INTRODUCTION

Many organizations are getting prepared for the upcoming ISO 9001 2015 changes. There are many changes that will have far reaching impacts on organizations that are transitioning from ISO 9001:2008. In this article, I would like to discuss the new requirement of risk based thinking.

WHAT IS RISK BASED THINKING?

Risk based thinking, although its not a new concept, it is new to most Quality professionals, in the sense that its become part of the Quality Management System. Many organizations have Risk Management Departments that work to assess and manage risk for their organizations on a daily basis. The major difference is that Risk Management Departments are often looking at risk from a very high level and their impact on the insurance premiums, EMR rates or overall liability exposure for the organization.

The ISO 9001 2015 requirement drills down to the actual production or service provision processes within the organization that may have an impact on the quality of products or services provided to customers. Some of these processes may include: Order Processing, Supplier Evaluation and Monitoring, Purchasing, Inspection and Testing, Shipping, Training and Competency, to name a few.

Often traditional Risk Management Departments are not involved in these processes, so its important for the Quality function and the organization as a whole, to broaden their focus to these line processes, which often contribute to the high level risk monitored by the Risk Management Department.

NINE STEPS TO RISK BASED THINKING

Here are a some steps to effectively implement risk based thinking within your organization. In this example I will use the risk that suppliers may provide the wrong material.

1. PERFORM A RISK ASSESSMENT. The first step in risk based thinking, is to perform a risk assessment of your organization’s processes using your process interaction map, which you should already have established as part of your ISO 9001:2008 QMS. For this example the Purchasing process would be impacted.

2. ASSESS THE RISKS FOR EACH PROCESS. For the purchasing process, we have identified a risk that the suppliers may provide the wrong material.

3. DETERMINE THE PROBABILITY OF THE RISK OCCURRING. Once you determine the risk factors, you can now determine the probability of the risks occurring. I like simple categories such as, Very Likely, Likely, Possible, Unlikely and Very Unlikely. Be careful not to select possible for every risk. For this example, the risk that suppliers will provide the wrong material may be assigned a probability of “Likely”.

4. DEFINE THE POTENTIAL IMPACTS OF THE RISKS. What impacts will risks have if they occurs. Will the risk cause delays in delivery? Product failure in the field? Possible injury? These identified impacts is what the exercise is really all about. How can we put controls in place to prevent these negative impacts?

5. DETERMINE THE MAGNITUDE OF THE POTENTIAL IMPACTS OF EACH RISK IDENTIFIED. Once the impacts have been identified, you must determine the magnitude of the impact. Some risks may have a high probability, but a very low impact. This part of the assessment allows an organization to allocate and prioritize resources. I like simple categories, such as high, medium and low, which will work for most organization. If the wrong material is used and it fails in the field, would the impact be high or low?

6. DETERMINE HOW YOU WILL MITIGATE THE IDENTIFIED RISKS. How will you control the identified risk or prevent it from happening? Will you ensure that material specifications are provided to the supplier when purchasing? Will you perform testing on the material or collect MTRs? In this step you will be able to determine if you have controls in place or if you need to develop controls. This would be considered a preventive actions for the organization.

7. DETERMINE A CONTINGENCY PLAN FOR EACH RISK IDENTIFIED. What if the risk mitigation control fails? What’s the back-up plan? What if the use of the wrong material is noticed after the part is shipped to the customers? There may be a need to send out notices or recalls to customers. The organization will need to replace the parts. These are some examples of contingency plans.

8. DETERMINE WHO SHOULD BE INFORMED OF THE IDENTIFIED RISKS, MITIGATION CONTROLS AND CONTINGENCY PLANS. Plans only work if they are communicated. This may be the Suppliers, Purchasing Department, Receiving Department, Quality Control, Production, etc.

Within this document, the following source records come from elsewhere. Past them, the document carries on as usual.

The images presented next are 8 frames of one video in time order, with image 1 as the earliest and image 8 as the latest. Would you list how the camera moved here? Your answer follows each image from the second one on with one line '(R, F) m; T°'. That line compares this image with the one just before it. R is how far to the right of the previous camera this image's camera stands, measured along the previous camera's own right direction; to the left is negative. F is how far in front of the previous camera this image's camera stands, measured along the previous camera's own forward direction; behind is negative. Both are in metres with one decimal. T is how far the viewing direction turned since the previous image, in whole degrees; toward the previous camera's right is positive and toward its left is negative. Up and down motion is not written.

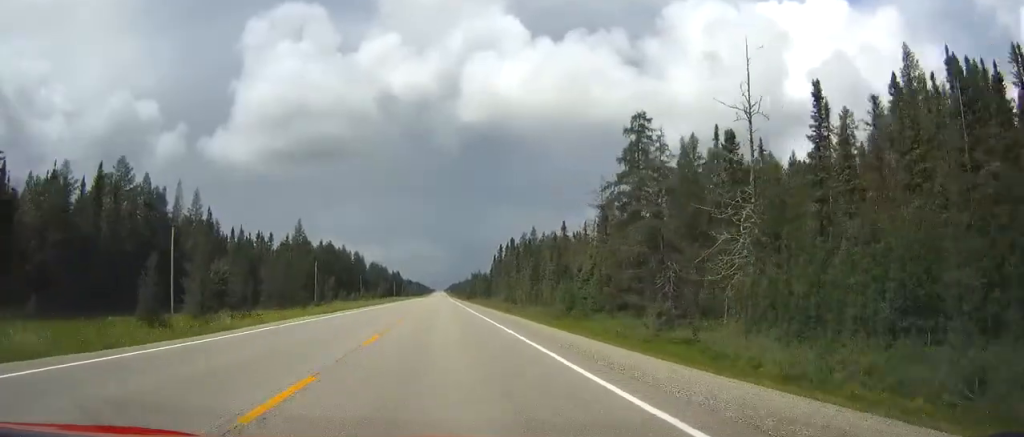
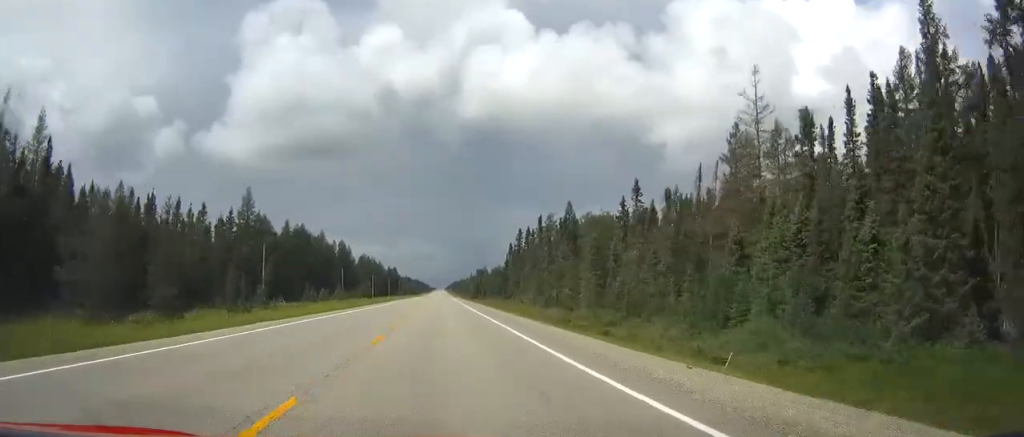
(-0.2, +48.9) m; 0°
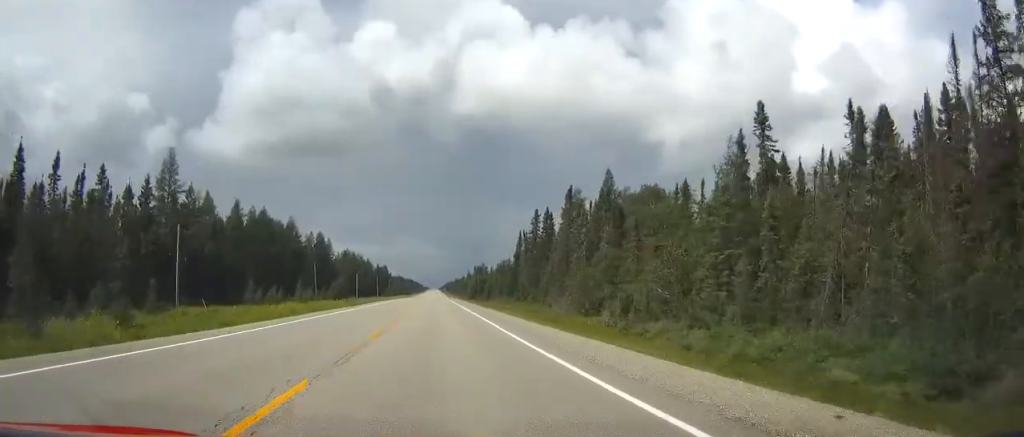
(+0.2, +36.5) m; 0°
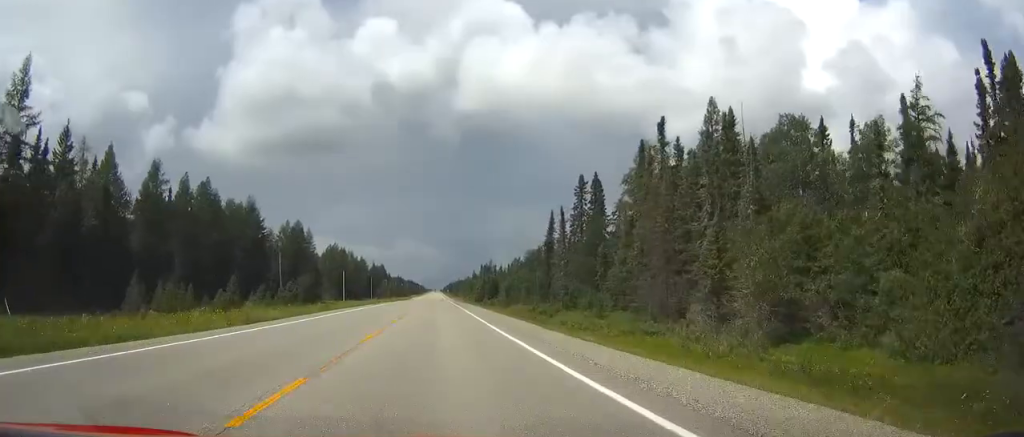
(+0.1, +39.4) m; 0°
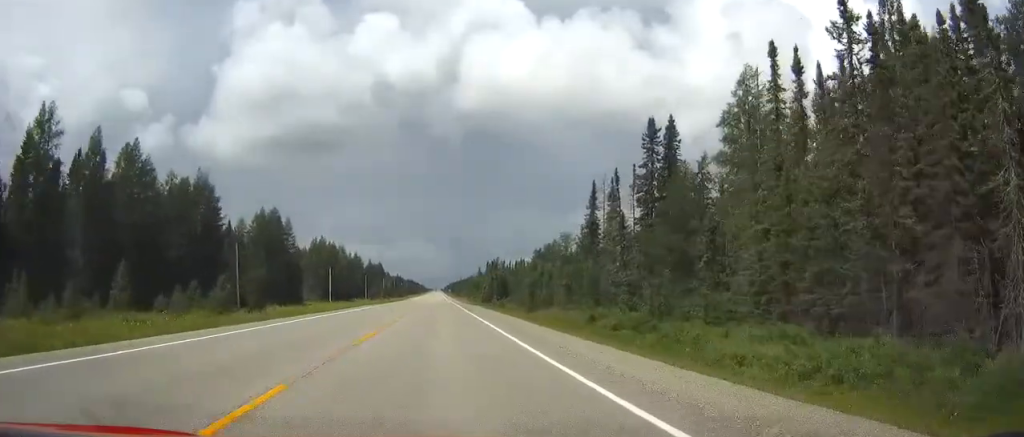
(-0.1, +29.2) m; 0°
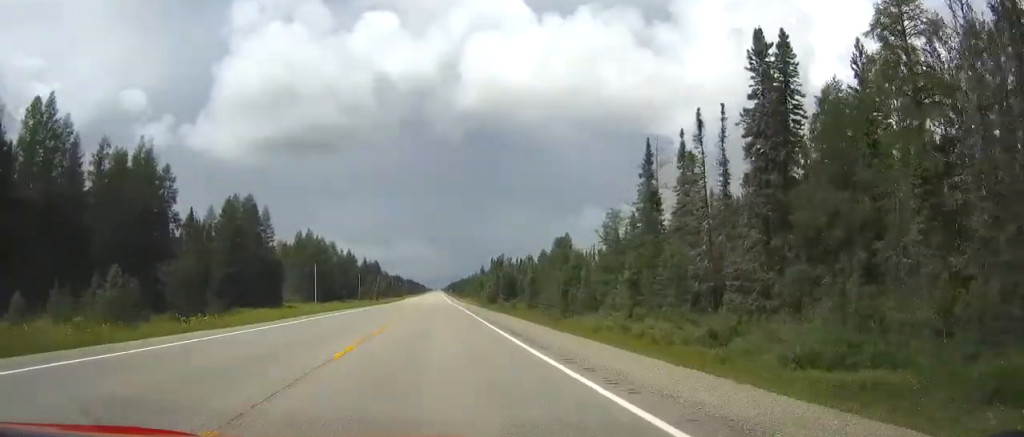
(-0.1, +22.1) m; 0°
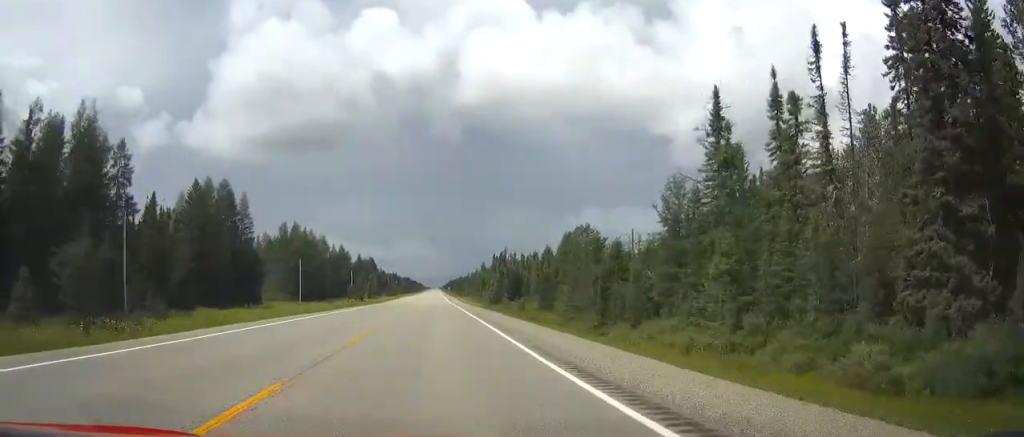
(0.0, +16.0) m; 0°
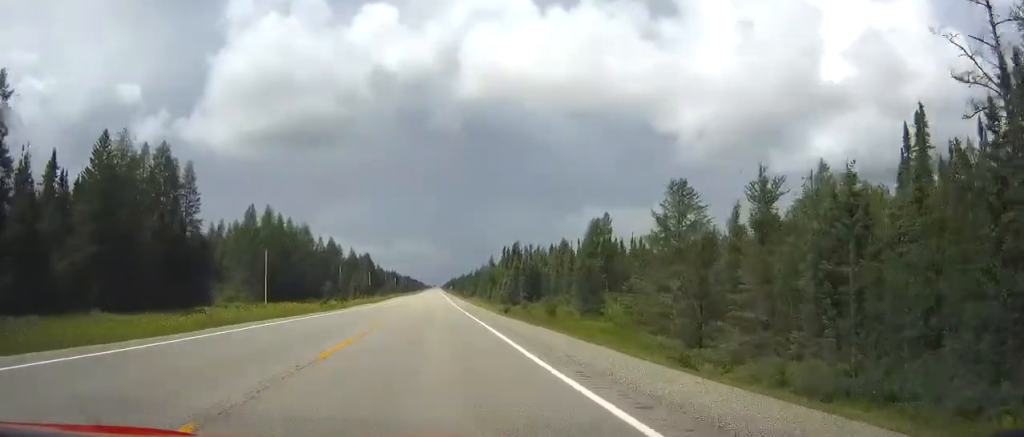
(+0.3, +30.9) m; 0°

9. WORK WITH THE RISK MANAGEMENT DEPARTMENT. Quality Managers that work within organizations that have Risk Management Departments, should work to form a closer alliance with the Risk Manager and explain the new requirements of ISO 9001 2015 and how both departments can work together or preferably convince them that they are the risk management owners and should assess all risks, including process risks within the organization.

CONCLUSION

The time to establish a culture of risk based thinking is not in the midst of the risk, but proactively discussing risks and controls that should be in place to prevent them with the impacted parties. Risk based thinking is one of the key changes in the ISO 9001:2015 quality management system standard. I believe its a great addition to the standard and if organizations do it properly, it will add tangible value in helping reduce risk and improve your operations.